Work order = For every entry below, give it back exactly and leave out any image.

━━ Records for this task

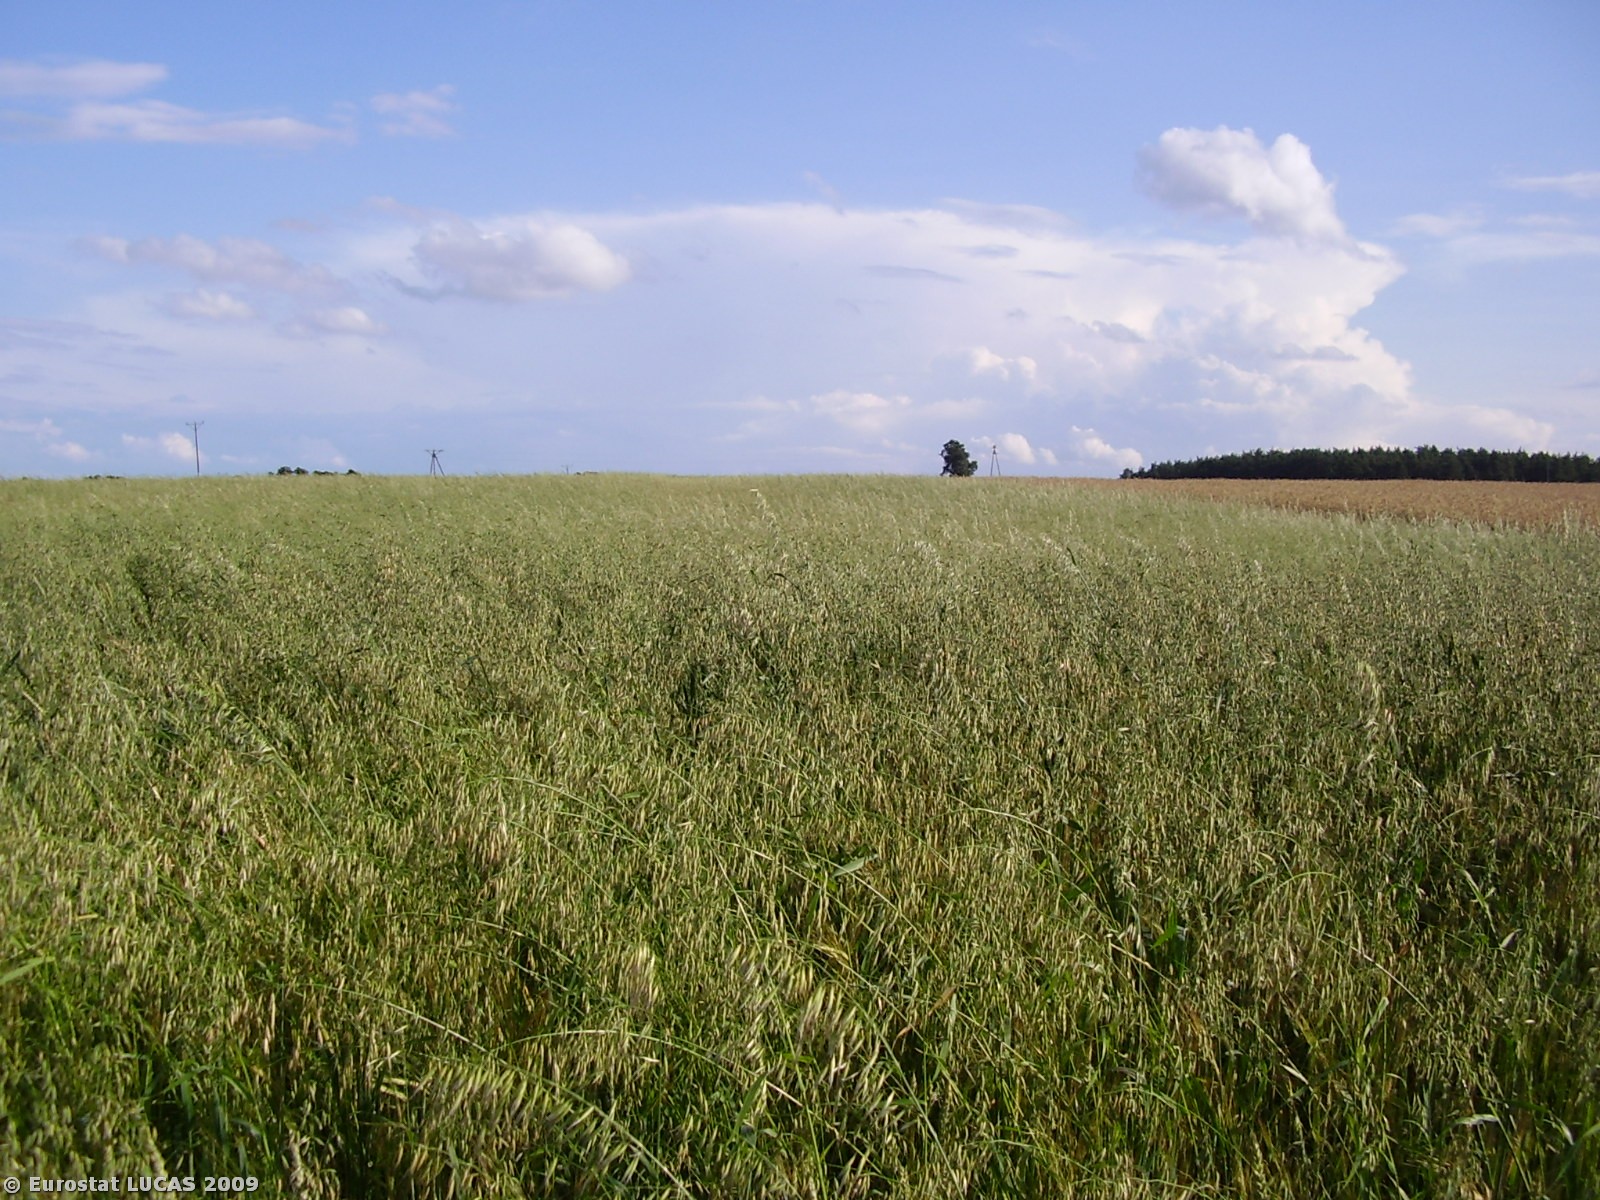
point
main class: Cropland
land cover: Mixed cereals for fodder
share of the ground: > 75 %
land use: Agriculture (excluding fallow land and kitchen gardens)
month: July
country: PL
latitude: 51.2602
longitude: 17.9690
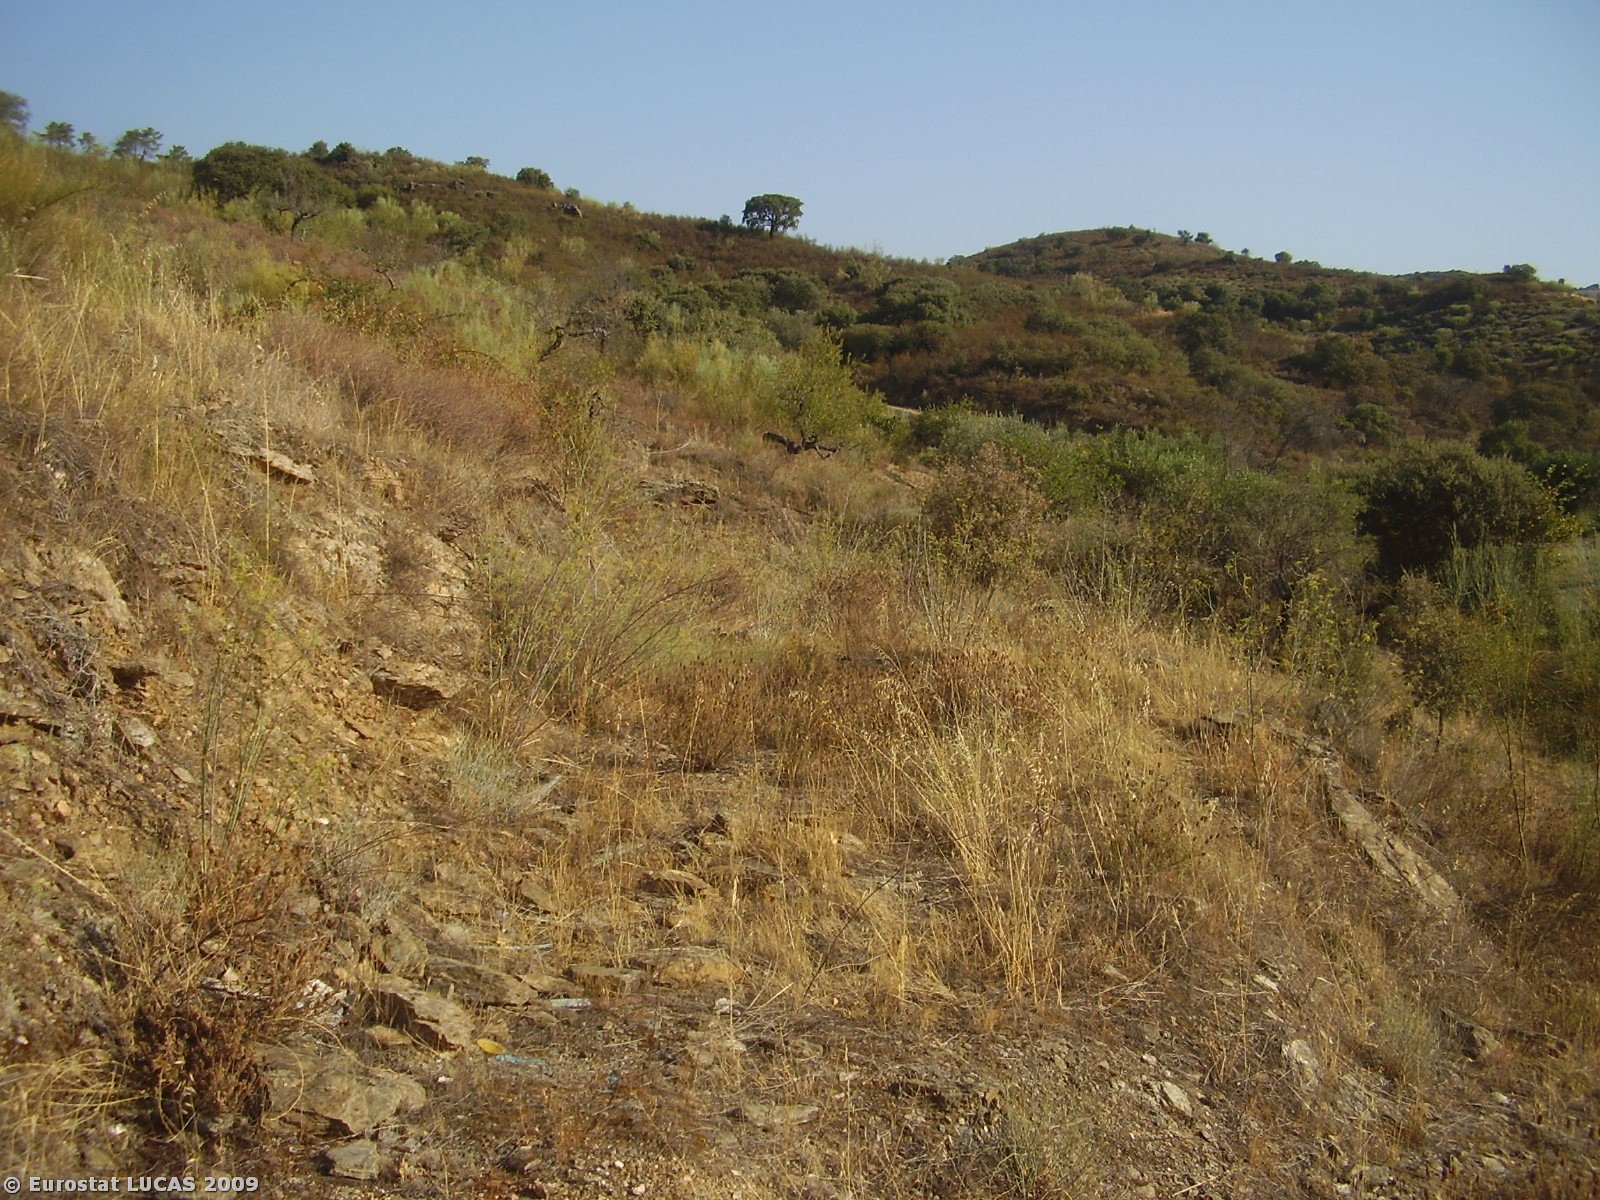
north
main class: Grassland
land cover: Spontaneously vegetated surfaces
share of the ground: > 75 %
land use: Fallow land
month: August
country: PT
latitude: 41.3652
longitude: -7.0291
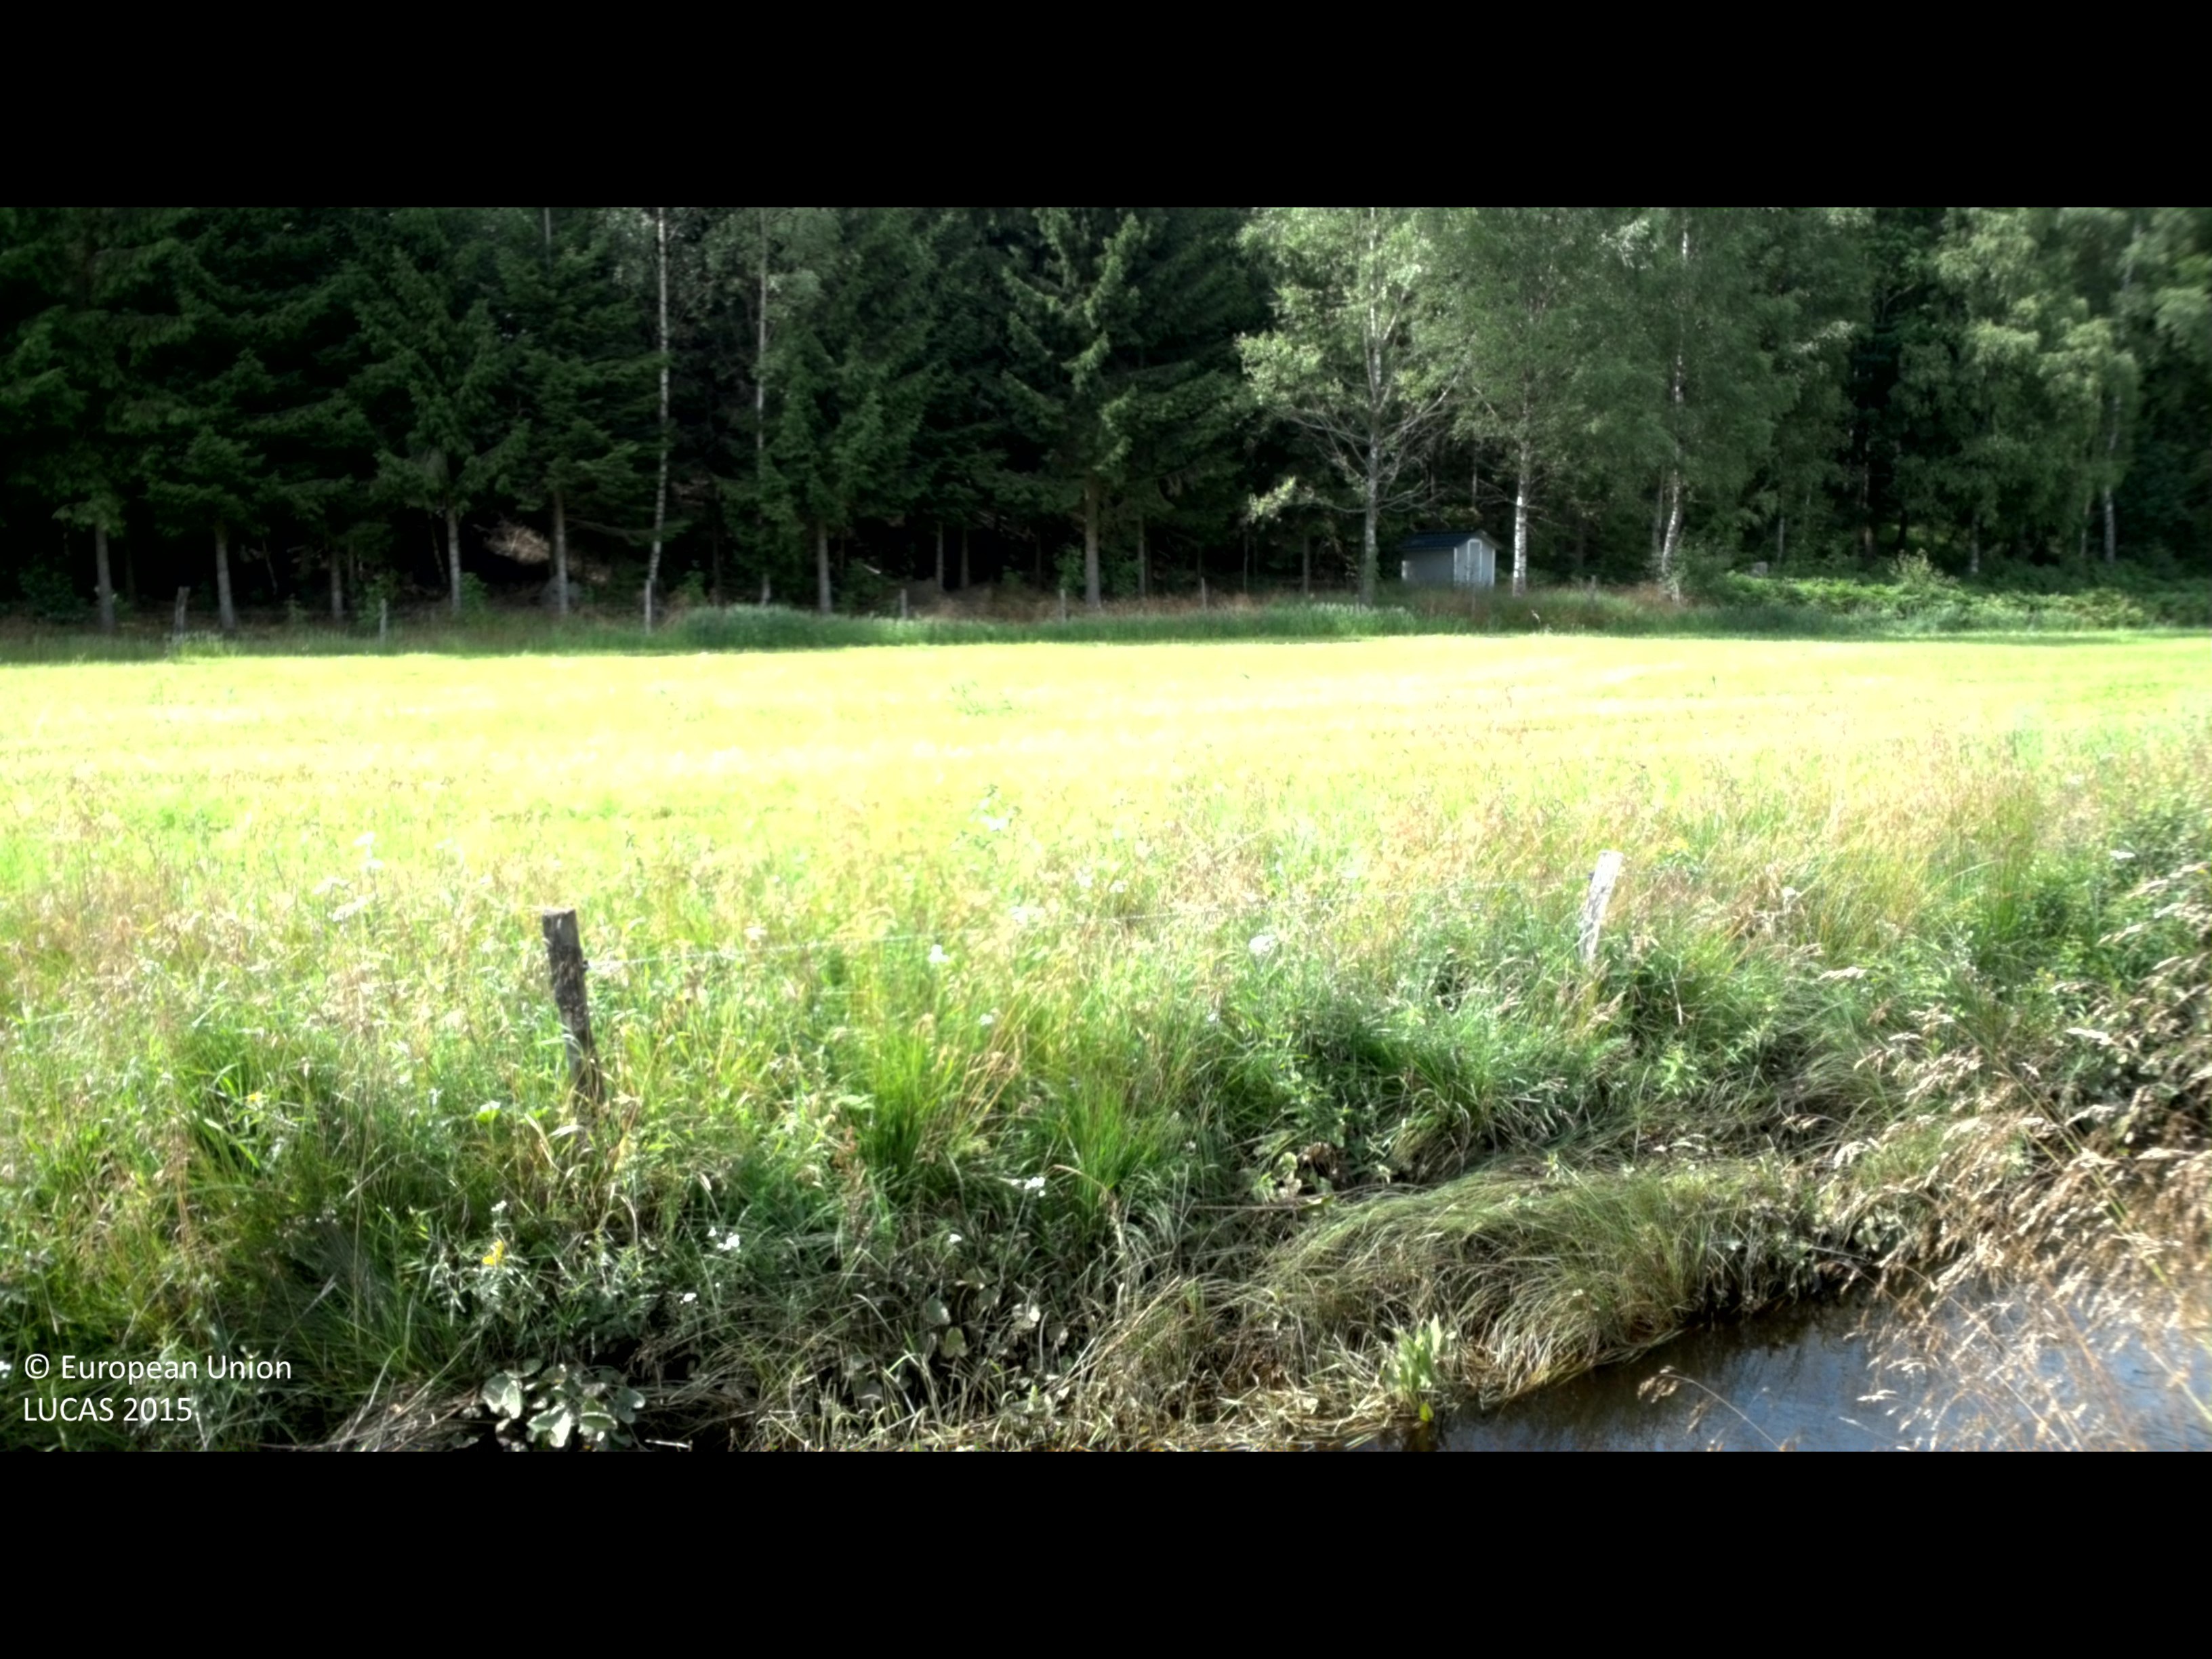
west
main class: Cropland
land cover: Temporary grasslands
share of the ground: > 75 %
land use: Agriculture (excluding fallow land and kitchen gardens)
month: August
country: SE
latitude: 56.3862
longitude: 14.2896

━━━━

Result =
point
main class: Cropland
land cover: Mixed cereals for fodder
share of the ground: > 75 %
land use: Agriculture (excluding fallow land and kitchen gardens)
month: July
country: PL
latitude: 51.2602
longitude: 17.9690
north
main class: Grassland
land cover: Spontaneously vegetated surfaces
share of the ground: > 75 %
land use: Fallow land
month: August
country: PT
latitude: 41.3652
longitude: -7.0291
west
main class: Cropland
land cover: Temporary grasslands
share of the ground: > 75 %
land use: Agriculture (excluding fallow land and kitchen gardens)
month: August
country: SE
latitude: 56.3862
longitude: 14.2896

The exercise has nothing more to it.